[[ Data to examine, beginning ]]

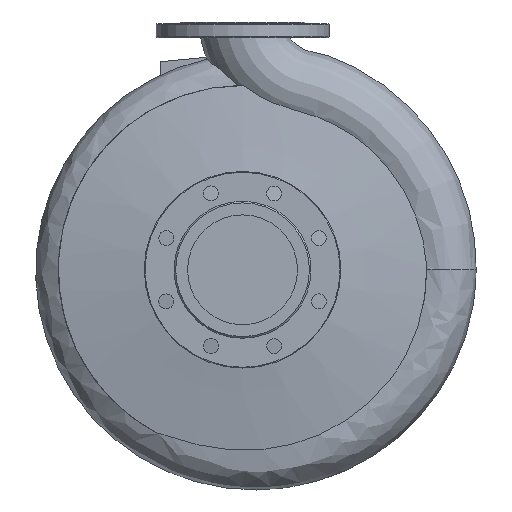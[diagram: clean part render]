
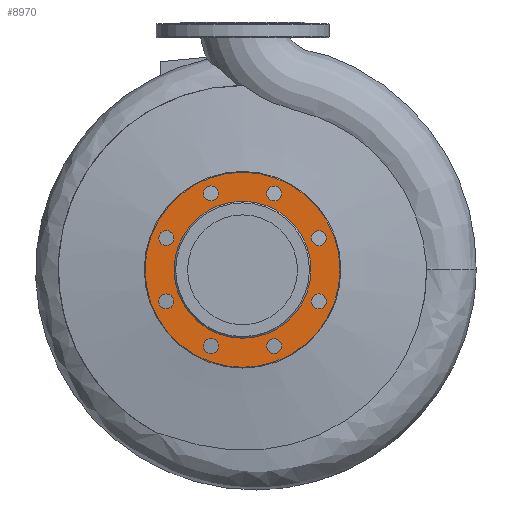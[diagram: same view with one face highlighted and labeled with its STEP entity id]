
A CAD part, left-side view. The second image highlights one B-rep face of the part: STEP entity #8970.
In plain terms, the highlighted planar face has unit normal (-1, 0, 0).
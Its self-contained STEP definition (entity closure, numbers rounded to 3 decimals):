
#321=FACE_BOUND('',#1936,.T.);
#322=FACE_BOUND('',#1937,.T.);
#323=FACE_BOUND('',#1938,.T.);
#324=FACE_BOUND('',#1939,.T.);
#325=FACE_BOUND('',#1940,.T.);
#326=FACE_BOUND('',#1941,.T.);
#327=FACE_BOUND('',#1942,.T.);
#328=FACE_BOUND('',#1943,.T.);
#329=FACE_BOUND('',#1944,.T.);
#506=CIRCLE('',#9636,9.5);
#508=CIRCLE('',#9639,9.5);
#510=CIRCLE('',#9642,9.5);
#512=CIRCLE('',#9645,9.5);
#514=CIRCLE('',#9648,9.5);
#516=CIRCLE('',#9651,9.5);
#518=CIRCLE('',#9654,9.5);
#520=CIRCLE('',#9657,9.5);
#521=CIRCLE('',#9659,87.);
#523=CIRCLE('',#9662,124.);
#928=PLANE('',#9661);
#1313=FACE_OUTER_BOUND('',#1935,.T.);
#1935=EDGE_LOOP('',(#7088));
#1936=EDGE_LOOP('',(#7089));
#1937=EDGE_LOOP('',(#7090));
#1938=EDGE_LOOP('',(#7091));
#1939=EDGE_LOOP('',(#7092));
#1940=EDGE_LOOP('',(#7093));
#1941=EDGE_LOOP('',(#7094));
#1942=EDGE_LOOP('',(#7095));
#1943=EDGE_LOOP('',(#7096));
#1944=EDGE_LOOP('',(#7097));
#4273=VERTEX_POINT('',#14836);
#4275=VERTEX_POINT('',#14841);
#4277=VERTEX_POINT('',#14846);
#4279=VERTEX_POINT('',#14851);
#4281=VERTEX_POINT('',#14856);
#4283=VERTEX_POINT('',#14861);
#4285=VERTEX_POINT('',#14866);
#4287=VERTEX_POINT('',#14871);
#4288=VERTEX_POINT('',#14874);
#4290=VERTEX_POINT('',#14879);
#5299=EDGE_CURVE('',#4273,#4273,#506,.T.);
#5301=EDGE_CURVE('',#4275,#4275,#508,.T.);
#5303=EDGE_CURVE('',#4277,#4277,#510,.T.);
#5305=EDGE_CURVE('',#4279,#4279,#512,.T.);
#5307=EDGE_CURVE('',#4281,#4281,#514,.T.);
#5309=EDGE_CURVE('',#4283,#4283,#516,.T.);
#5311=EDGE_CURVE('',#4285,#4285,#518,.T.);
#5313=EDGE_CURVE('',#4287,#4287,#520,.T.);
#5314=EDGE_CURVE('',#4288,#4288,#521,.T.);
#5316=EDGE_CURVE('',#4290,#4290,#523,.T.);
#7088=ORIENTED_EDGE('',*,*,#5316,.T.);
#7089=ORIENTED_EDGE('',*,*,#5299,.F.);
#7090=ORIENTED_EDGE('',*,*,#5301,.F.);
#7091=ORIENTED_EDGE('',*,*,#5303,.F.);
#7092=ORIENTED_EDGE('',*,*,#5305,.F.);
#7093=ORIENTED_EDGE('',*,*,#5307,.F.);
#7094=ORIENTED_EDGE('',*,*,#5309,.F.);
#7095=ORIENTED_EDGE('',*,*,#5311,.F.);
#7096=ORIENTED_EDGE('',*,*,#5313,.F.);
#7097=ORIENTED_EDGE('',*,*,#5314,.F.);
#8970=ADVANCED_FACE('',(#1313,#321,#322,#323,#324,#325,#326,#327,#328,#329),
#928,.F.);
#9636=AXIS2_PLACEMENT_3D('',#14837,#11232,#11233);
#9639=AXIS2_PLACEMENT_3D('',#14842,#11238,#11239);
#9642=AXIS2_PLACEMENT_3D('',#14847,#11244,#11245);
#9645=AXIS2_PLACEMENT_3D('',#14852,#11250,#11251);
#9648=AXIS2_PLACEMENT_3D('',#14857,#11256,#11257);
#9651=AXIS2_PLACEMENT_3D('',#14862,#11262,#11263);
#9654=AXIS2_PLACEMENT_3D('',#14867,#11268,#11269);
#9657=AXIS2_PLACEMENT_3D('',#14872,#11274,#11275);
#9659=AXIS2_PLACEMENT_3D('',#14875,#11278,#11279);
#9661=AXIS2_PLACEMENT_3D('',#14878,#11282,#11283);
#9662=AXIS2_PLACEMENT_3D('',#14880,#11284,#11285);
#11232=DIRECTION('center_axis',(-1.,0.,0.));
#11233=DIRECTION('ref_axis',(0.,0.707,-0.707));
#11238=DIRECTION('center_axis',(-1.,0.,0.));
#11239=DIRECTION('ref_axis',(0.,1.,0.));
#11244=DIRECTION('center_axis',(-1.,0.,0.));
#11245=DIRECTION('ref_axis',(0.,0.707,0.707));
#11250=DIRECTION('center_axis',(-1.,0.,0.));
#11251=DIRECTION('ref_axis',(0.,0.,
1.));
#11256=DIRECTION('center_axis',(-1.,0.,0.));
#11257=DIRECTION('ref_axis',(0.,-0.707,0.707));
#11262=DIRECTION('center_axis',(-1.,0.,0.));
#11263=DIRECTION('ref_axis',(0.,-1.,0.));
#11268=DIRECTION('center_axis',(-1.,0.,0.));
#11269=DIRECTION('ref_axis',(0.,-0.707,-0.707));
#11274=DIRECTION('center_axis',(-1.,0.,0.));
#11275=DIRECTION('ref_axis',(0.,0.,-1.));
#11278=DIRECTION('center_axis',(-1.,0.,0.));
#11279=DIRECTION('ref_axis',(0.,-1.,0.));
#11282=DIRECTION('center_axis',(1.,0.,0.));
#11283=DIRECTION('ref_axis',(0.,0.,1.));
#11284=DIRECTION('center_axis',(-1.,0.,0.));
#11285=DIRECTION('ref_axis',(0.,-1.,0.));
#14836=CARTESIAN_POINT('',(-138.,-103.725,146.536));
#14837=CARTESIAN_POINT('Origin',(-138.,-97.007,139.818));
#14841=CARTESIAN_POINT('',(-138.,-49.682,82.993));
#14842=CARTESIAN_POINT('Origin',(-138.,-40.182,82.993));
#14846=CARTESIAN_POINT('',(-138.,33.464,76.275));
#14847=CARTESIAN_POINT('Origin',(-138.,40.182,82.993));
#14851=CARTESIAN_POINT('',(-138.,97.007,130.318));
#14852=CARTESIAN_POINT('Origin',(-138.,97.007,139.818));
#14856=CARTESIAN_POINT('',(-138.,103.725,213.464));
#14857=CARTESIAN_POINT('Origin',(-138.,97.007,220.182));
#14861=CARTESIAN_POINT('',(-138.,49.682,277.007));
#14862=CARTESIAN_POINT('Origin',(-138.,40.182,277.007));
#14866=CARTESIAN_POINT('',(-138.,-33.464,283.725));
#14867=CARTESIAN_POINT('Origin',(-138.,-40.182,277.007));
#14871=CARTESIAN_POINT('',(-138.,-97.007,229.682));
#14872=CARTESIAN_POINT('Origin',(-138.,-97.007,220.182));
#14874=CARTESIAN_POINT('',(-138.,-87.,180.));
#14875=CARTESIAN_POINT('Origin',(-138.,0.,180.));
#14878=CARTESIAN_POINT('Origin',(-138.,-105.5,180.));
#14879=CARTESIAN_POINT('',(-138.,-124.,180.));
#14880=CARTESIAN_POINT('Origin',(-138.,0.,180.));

[[ Data to examine, end ]]

◆ What is expected:
From the records above, print only the lines between the one holding "#11245=DIRECTION('ref_axis',(0.,0.707,0.707));" and the one holding "#11274=DIRECTION('center_axis',(-1.,0.,0.));", inclusive, exactly as they stand.

◆ Exercise solution:
#11245=DIRECTION('ref_axis',(0.,0.707,0.707));
#11250=DIRECTION('center_axis',(-1.,0.,0.));
#11251=DIRECTION('ref_axis',(0.,0.,
1.));
#11256=DIRECTION('center_axis',(-1.,0.,0.));
#11257=DIRECTION('ref_axis',(0.,-0.707,0.707));
#11262=DIRECTION('center_axis',(-1.,0.,0.));
#11263=DIRECTION('ref_axis',(0.,-1.,0.));
#11268=DIRECTION('center_axis',(-1.,0.,0.));
#11269=DIRECTION('ref_axis',(0.,-0.707,-0.707));
#11274=DIRECTION('center_axis',(-1.,0.,0.));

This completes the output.